Утилитарная мораль, начало которой положено еще софистами, а дальнейшее развитие сделано киренской школой (Аристипп) и продолжается до самого новейшего времени (Бантам, Дж. Милль, А. Бэн, Г. Спенсер), сохраняет везде тип доктрины, измеряющей достоинство поступков единственно их отношением к счастью людей и не допускающей никаких примитивных свойств нравственной природы человека. Высшая и конечная цель деятельности человека есть наивозможно большее счастье личное или общее, и это счастье состоит в наивозможно большей сумме удовольствий при наименьшей сумме страданий, и действия человеческие суть нравственно добрые или злые, смотря по тому, увеличивают ли они или же уменьшают человеческое счастье. Под утилитаризмом можно поэтому, согласно определению Милля, "разуметь всякую доктрину, которая признает основанием нравственности полезность или принцип величайшего счастья и оценивает поступки, то есть находит их нравственными или ненравственными, только по их отношению к нашему счастью" [5].
Различие утилитарных теорий обусловливается только попытками построить такой идеал и указать такую цель жизни, которая могла бы обеспечивать действительное благо каждого человека. Сущность же метода утилитаризма заключается в следующем силлогизме: большей посылкой служит положение, что ценность всякого поступка определяется его пригодностью для достижения известной цели; меньшая посылка на основании исследования опытной действительности утверждает, что единственной и всеобщей целью человеческих действий служит личное удовольствие или польза. Отсюда заключение, что польза служит критерием для оценки нравственного достоинства поступков [6].

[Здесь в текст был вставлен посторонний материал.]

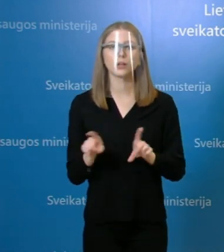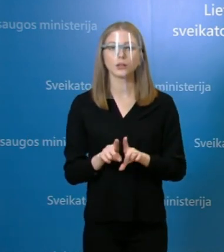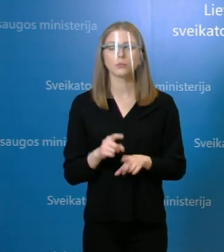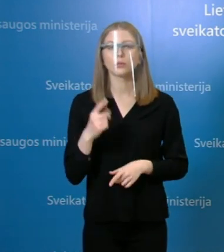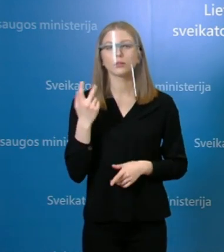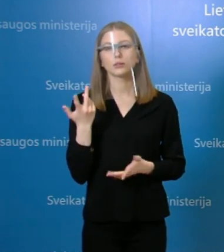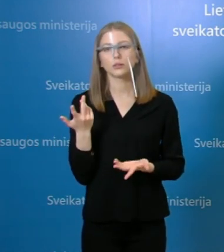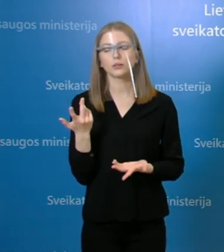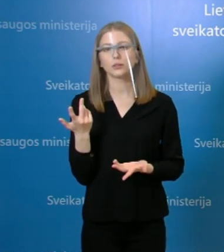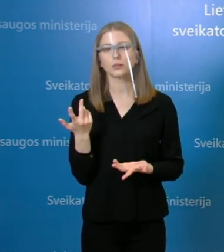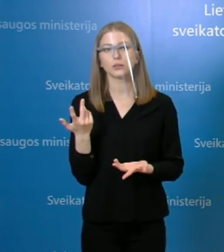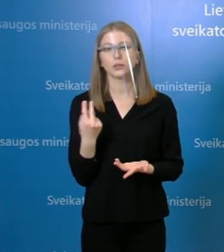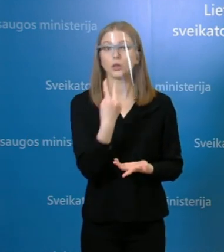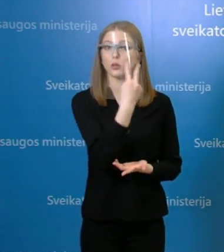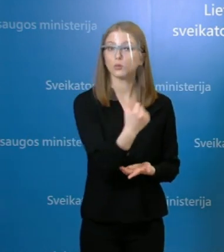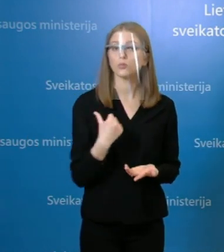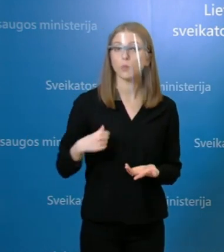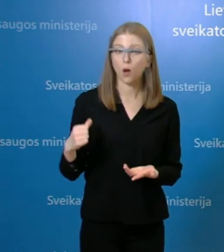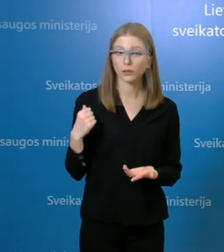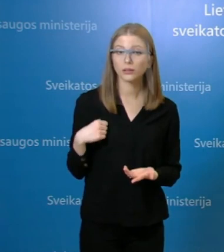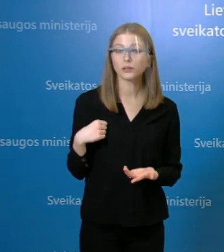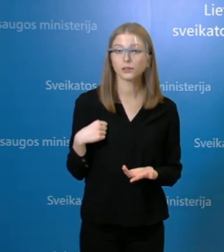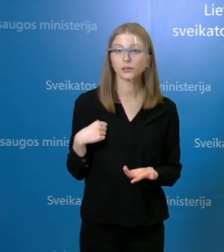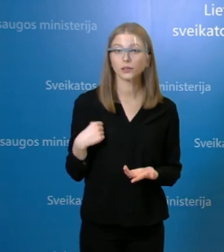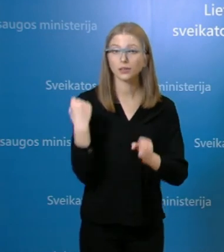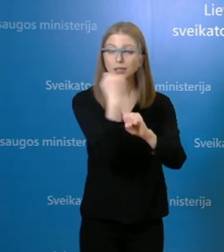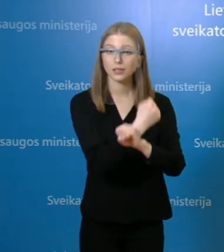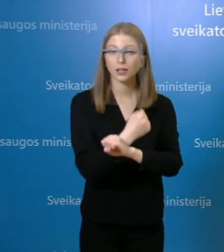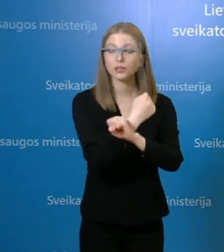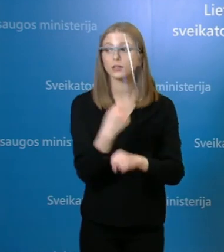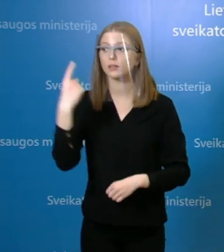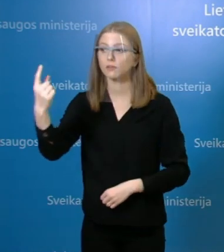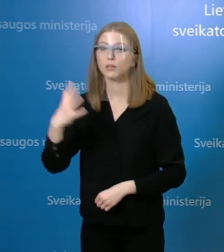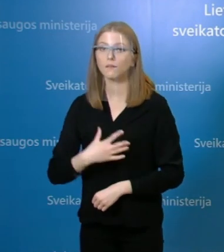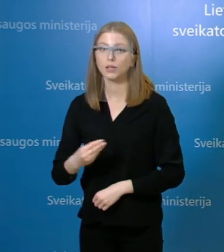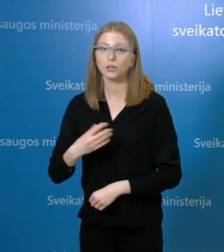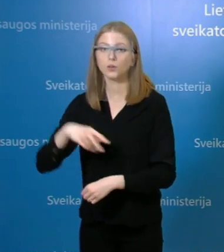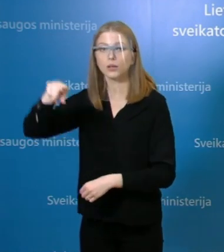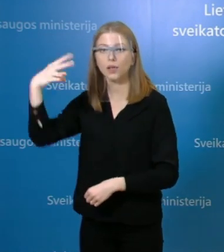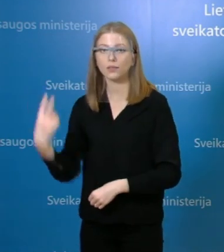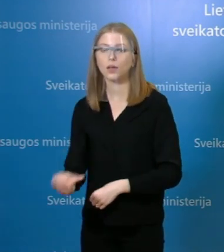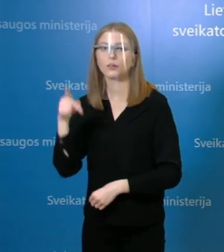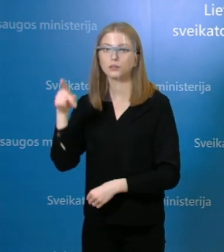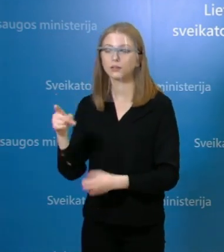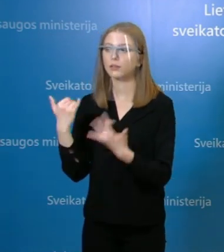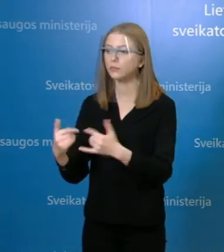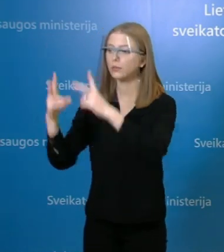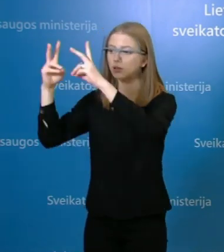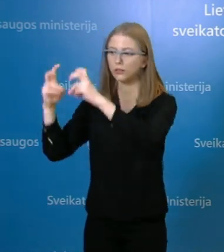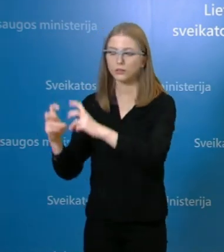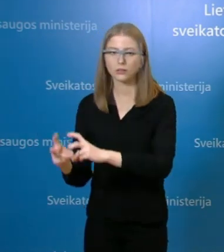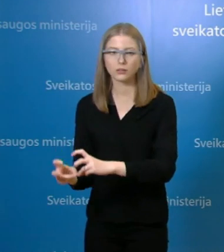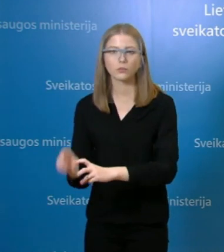skyrius ir vienas Vilniaus miesto klinikinės ligonės pacientas, apie kurį mes dar aiškinamės daugiau ir vis dėl to,

При таком взгляде на нравственность, когда эгоизм признается целью всех человеческих действий, вовсе нетрудно, конечно, прийти к такому положению, какое высказал Бернард Мандевиль, что вся нравственность человека заключается в его слабостях и пороках, к чему, в сущности, сводится все рассуждение Мандевиля о нравственности [7].
Нетрудно, конечно, придумать и такую цель жизни, которая бы при своем осуществлении могла гарантировать наибольшее счастье наибольшего количества людей, а такой целью большинство моралистов считают стремление к общей пользе, но трудно сделать, чтобы человек признал безусловную обязательность этой цели, перенес ее в область личной жизни и представил ее как внутреннюю обязанность, наложенную на себя самим же в силу осознания ее безусловной ценности. Ведь собственная природа человека непосредственно говорит и требует только личной пользы и удовольствия, и он еще только путем размышлений и доводов должен оправдывать самопожертвование в пользу других и пожелать видеть свое счастье в служении другим. Тот же самый эгоизм, который указывается утилитаристами в качестве природного мотива деятельности, мог бы оказать в этом случае очень плохую услугу, если бы у человека не было других каких-нибудь, более сильных, природных мотивов для самопожертвования. Древние софисты в этом отношении были гораздо последовательнее новейших утилитаристов, когда говорили, что ограничивать свои удовольствия и желания - это значит "перестать быть человеком и сделаться камнем или трупом" (Горгий) [8]. Чтобы идея всеобщей пользы могла властвовать над людьми и двигать их волей, она должна быть природным мотивом деятельности и осуществляться человеком независимо от расчета, исполняется она другими людьми или нет. Но это последнее и оказывается невозможным для человека, потому что только при этом расчете и появляется интерес определять ею свою деятельность. Ведь воля человека во всех своих хотениях и стремлениях всегда руководствуется какими-нибудь интересами своего чувства, и во всех своих действиях, направленных к достижению поставленных интересов, она всегда и обязательно руководствуется какими-нибудь расчетами мысли. Человек может поэтому стремиться к общей пользе только при условии, что и другие люди будут то же делать, так как только в этом случае он может обеспечить себе благополучие, а поэтому обязанность общей пользы имеет условный, а не безусловный характер. Если для каждого человека, по заявлению самих утилитаристов, не может быть ничего ценнее своей личной пользы и удовольствия, то, очевидно, каждый человек и может сам себя определять к деятельности этим мотивом, а если направление воли должно решаться чувством приятного или неприятного, то для человека все равно, откуда это приятное.